Ansible roles for managing container infrastructure

There are official Ansible modules for various OpenStack projects like Nova, Heat, Keystone, etc. However, Magnum currently does not have one, especially those that concern creating, updating and managing container infrastructure inventory. Magnum currently lacks certain useful features possible indirectly through Nova API like attaching multiple network interfaces to each node in the cluster that it creates. The ability to generate and reuse an existing cluster inventory is further necessitated by a specific requirement of this project to mount GlusterFS volumes to each node in the container infrastructure cluster.

In order to lay the foundation for performing preliminary data consumption tests for the Square Kilometre Array's (SKA) Performance Prototype Platform (P3), we needed to attach each node in the container infrastructure cluster to multiple high speed network interfaces:

10G Ethernet

25G High Throughput Ethernet

100G Infiniband

We have submitted a blueprint to support multiple networks using Magnum API since Nova already allows multiple network interfaces to be attached. In the meantime, we wrote an Ansible role to drive Magnum and generate an Ansible inventory from the cluster deployment. Using this inventory, further playbooks apply our enhancements to the deployment.

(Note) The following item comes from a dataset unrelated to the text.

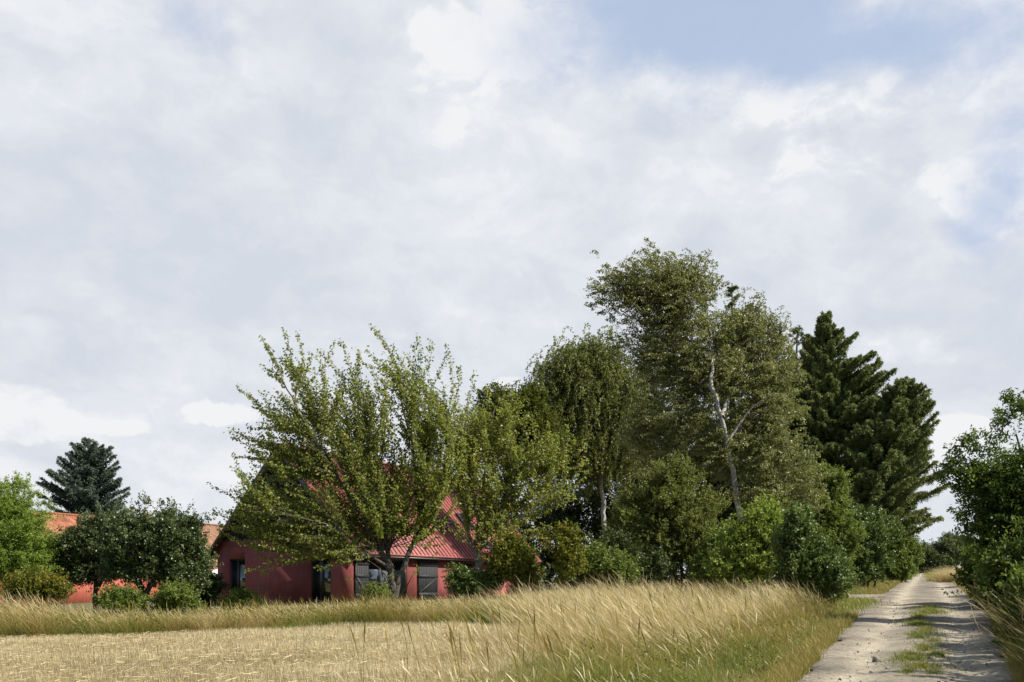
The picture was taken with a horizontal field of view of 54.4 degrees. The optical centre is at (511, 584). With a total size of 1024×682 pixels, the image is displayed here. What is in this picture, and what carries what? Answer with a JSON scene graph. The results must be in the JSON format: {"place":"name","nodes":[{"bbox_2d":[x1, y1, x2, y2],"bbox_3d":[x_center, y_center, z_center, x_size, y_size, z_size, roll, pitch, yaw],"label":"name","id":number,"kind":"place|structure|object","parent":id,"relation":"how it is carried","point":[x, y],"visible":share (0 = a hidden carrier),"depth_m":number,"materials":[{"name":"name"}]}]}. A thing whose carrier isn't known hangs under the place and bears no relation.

The role allows us to declare specification of container infrastructure required including a variable that is a list of networks to attach to cluster nodes. A bespoke ansible module os_container_infra creates/updates/deletes cluster as specified using python-magnumclient. Another module called os_stack_facts then gathers facts about container infrastructure using python-heatclient allowing us to generate an inventory of the cluster. Finally, a module called os_server_interface uses python-novaclient to attach each node in the container infrastructure cluster to additional network interfaces declared in the specifications.

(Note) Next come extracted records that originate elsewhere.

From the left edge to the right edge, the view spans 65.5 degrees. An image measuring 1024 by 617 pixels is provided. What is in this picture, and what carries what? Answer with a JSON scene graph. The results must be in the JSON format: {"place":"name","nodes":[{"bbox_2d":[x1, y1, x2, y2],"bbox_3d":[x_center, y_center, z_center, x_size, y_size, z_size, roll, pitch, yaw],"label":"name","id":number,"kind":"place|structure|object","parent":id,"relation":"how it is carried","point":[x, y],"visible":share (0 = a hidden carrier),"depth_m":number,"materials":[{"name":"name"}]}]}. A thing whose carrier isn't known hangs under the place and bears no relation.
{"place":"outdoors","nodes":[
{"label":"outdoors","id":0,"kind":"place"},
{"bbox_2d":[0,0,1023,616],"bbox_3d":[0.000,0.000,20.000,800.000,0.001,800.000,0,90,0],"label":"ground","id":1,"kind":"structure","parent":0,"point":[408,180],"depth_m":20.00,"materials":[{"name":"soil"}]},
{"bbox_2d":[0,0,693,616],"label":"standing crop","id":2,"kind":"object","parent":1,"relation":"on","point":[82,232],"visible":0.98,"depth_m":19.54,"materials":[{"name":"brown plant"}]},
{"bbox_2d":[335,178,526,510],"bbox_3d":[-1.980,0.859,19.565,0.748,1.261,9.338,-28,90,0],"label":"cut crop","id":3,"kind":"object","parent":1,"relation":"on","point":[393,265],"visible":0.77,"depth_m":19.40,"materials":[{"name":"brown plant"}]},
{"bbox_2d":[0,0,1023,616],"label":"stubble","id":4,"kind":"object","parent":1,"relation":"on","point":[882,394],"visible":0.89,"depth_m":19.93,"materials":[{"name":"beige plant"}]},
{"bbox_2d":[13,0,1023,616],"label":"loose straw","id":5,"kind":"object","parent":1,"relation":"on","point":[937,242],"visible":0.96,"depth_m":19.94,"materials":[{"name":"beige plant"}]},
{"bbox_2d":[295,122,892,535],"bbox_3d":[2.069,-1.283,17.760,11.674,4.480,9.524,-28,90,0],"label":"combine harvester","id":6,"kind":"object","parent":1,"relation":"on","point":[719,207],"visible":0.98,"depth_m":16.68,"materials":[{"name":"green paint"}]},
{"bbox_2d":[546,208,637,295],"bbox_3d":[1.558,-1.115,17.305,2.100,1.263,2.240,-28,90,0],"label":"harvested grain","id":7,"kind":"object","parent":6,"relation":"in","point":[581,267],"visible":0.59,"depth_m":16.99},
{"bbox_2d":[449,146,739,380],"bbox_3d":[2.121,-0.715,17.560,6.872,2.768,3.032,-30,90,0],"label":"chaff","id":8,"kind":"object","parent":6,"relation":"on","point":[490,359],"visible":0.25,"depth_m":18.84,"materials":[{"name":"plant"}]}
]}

We make use of the recently announced openstacksdk Python module for talking to OpenStack which was conceived with an aim to assimilate shade and os_client_config projects which have been performing similar functions under separate umbrellas. We enjoyed the experience of using openstacksdk API that is largely consistent with the parent projects. Ansible plans to eventually transition to openstacksdk but they do not currently have specific plans to support plugin libraries like python-magnumclient, python-heatclient and python-novaclient which provide wider coverage in terms of the range of interaction with their API compared to openstacksdk, which only offers a set of common-denominators across various OpenStack cloud platforms.

With Magnum playing an increasing more important role in the OpenStack ecosystem by allowing users to create and manage container orchestration engines like Kubernetes, we expect this role will make lives easier for those of us who regularly use Ansible to manage complex and large scale HPC infrastructure.